* [EXERCISE AIM]
Print the data below again in full, exactly as it stands, with no images.

* [RECORDS TO PROCESS]
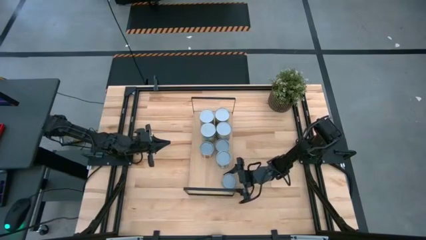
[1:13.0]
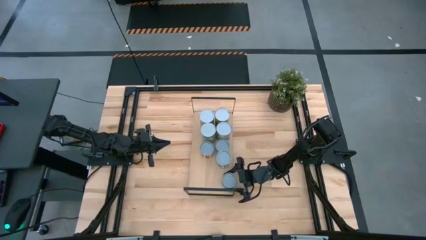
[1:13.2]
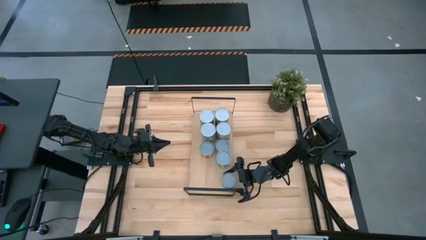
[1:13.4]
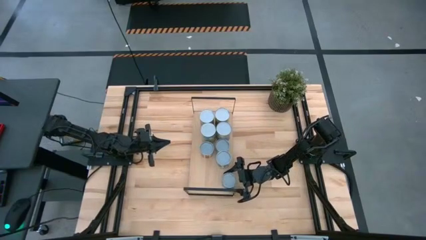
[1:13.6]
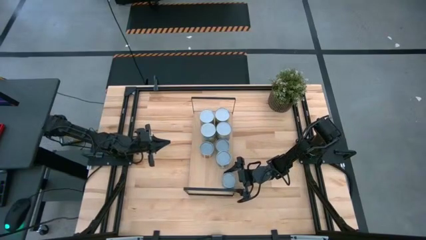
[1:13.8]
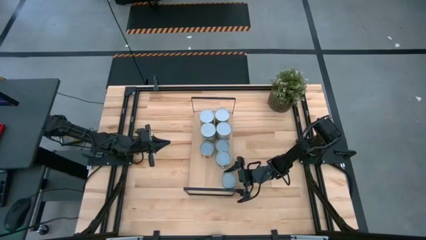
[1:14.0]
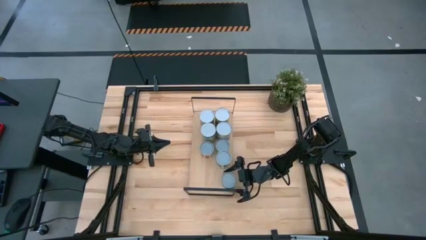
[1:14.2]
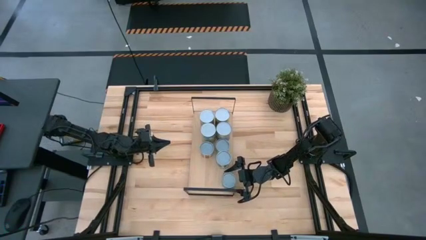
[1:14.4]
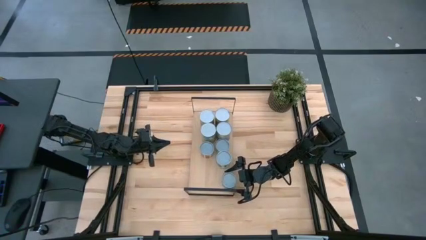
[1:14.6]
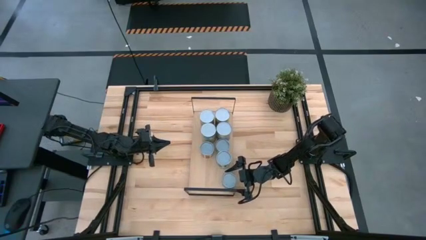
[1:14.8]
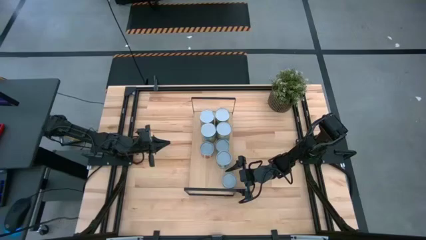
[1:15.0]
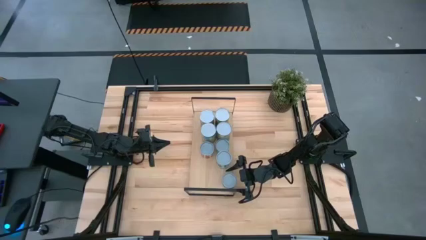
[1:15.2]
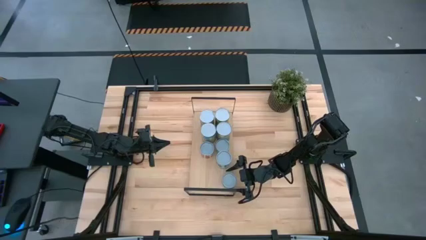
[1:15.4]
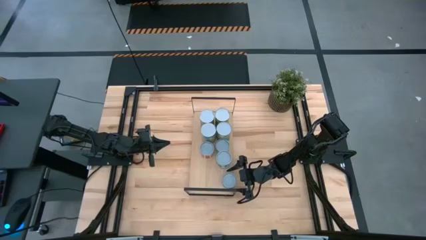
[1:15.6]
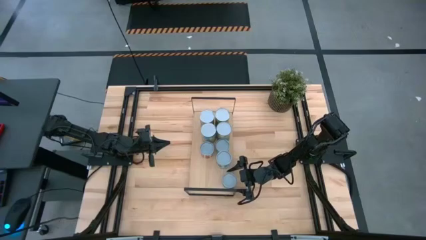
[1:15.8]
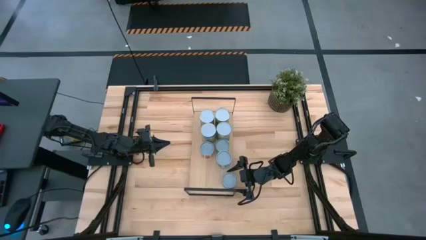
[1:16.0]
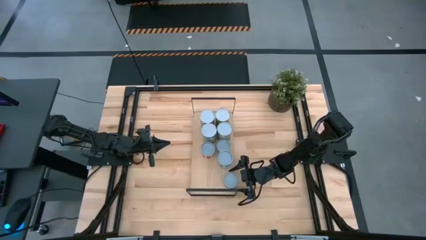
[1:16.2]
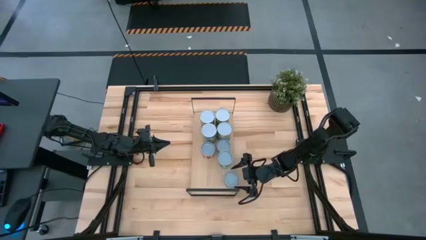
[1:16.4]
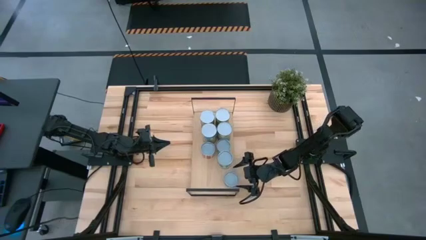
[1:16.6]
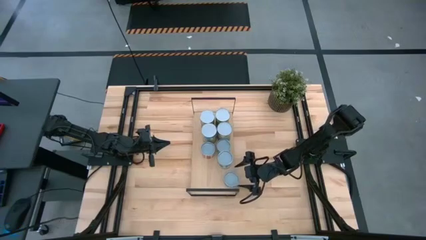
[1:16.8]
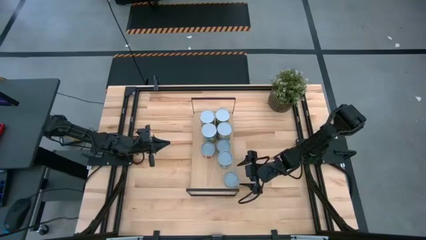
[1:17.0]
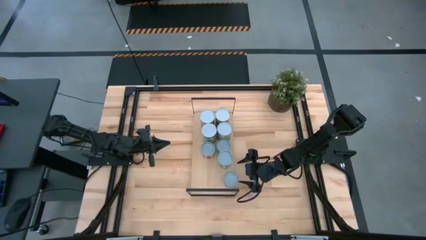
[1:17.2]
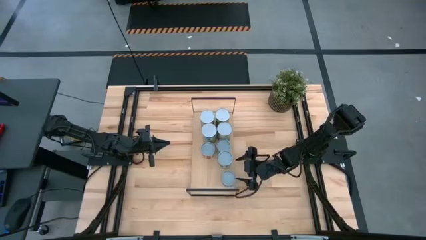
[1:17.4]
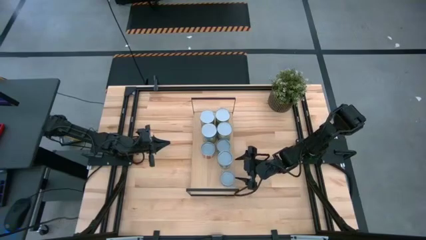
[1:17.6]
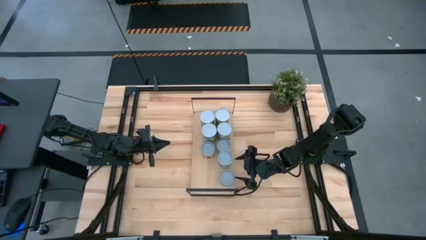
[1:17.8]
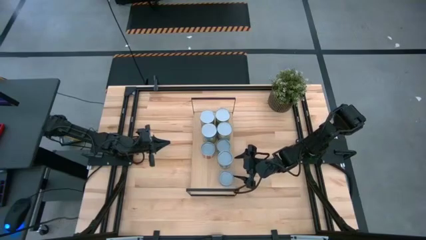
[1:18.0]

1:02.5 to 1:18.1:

* [EXERCISE RESPONSE]
[1:13.0]
[1:13.2]
[1:13.4]
[1:13.6]
[1:13.8]
[1:14.0]
[1:14.2]
[1:14.4]
[1:14.6]
[1:14.8]
[1:15.0]
[1:15.2]
[1:15.4]
[1:15.6]
[1:15.8]
[1:16.0]
[1:16.2]
[1:16.4]
[1:16.6]
[1:16.8]
[1:17.0]
[1:17.2]
[1:17.4]
[1:17.6]
[1:17.8]
[1:18.0]

1:02.5 to 1:18.1:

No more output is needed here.